Selon les rédacteurs de ce communiqué la victime Mezour AEK aurait été agressé avant d’être séquestré par quatre éléments de la sécurité militaire au niveau de son lieu de travail à Ain Taya. Les «agresseurs» auraient perquisitionné le garage de la victime et auraient emporté tous les documents existant. Depuis la victime n’a pas donné signe de vie, ajoute la même source. La voiture de la victime aurait été saisie un jour après l’enlèvement par la gendarmerie nationale. « Une semaine après des éléments du groupement de la gendarmerie de Khemis El Khechna ont saisi tous les équipements au niveau du garage la victime, même le compte bancaire de la victime a été bloqué sans aucune autorisation du procureur de la république indispensable dans ces cas» expliquent les rédacteurs du communiqué.

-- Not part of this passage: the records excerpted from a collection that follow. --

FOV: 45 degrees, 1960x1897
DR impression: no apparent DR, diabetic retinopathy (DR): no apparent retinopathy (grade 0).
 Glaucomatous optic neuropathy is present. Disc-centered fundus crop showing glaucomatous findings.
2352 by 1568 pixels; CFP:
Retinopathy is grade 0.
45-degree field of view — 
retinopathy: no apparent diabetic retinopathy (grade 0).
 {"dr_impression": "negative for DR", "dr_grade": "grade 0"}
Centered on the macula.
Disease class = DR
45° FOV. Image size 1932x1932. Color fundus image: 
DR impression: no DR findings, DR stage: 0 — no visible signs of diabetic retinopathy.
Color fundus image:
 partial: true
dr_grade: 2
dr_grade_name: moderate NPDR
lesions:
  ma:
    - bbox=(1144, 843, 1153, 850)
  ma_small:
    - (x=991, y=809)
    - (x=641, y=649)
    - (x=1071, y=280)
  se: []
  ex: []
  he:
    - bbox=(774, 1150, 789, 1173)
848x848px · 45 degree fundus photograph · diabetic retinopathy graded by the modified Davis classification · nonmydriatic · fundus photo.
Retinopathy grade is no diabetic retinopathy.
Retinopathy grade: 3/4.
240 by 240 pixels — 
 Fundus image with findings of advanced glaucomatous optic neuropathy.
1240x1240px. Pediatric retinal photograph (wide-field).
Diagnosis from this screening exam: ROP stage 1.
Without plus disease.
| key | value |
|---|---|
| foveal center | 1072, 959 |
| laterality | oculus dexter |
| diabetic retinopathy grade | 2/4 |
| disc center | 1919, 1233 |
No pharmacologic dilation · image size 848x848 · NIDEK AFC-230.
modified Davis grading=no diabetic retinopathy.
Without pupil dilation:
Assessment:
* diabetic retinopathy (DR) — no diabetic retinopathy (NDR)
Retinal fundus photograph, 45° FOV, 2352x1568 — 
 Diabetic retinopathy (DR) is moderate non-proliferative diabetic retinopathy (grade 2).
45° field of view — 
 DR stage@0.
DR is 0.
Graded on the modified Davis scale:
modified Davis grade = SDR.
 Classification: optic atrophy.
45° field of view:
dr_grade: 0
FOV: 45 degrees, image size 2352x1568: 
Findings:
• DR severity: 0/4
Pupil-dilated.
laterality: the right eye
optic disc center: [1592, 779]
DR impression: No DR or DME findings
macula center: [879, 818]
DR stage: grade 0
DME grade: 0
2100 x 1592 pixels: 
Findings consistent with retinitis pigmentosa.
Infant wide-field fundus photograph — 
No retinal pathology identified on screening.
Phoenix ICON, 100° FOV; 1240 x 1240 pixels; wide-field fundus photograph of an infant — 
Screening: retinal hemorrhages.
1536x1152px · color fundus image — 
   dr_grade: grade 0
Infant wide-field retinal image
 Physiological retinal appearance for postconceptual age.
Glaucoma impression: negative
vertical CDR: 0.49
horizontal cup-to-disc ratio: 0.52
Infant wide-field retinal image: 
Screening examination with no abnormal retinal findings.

Les tentatives de recherches de la victime par sa famille auraient été confrontées à un blocage systématique de la part des services de sécurité. Des correspondances adressées au président de la République, le chef du gouvernement et le ministre de la Justice par le père de la victime sont restées sans suite.

Toujours selon l’association SOS Disparus, le père du « disparu » a été harcelé, interrogé, et menacé pour abandonner ses recherches. L’association SOS Disparus dans un dernier recours interpelle les autorités suprêmes pour intervenir et mettre terme à ces « agissements illégaux » afin de faire triompher la justice.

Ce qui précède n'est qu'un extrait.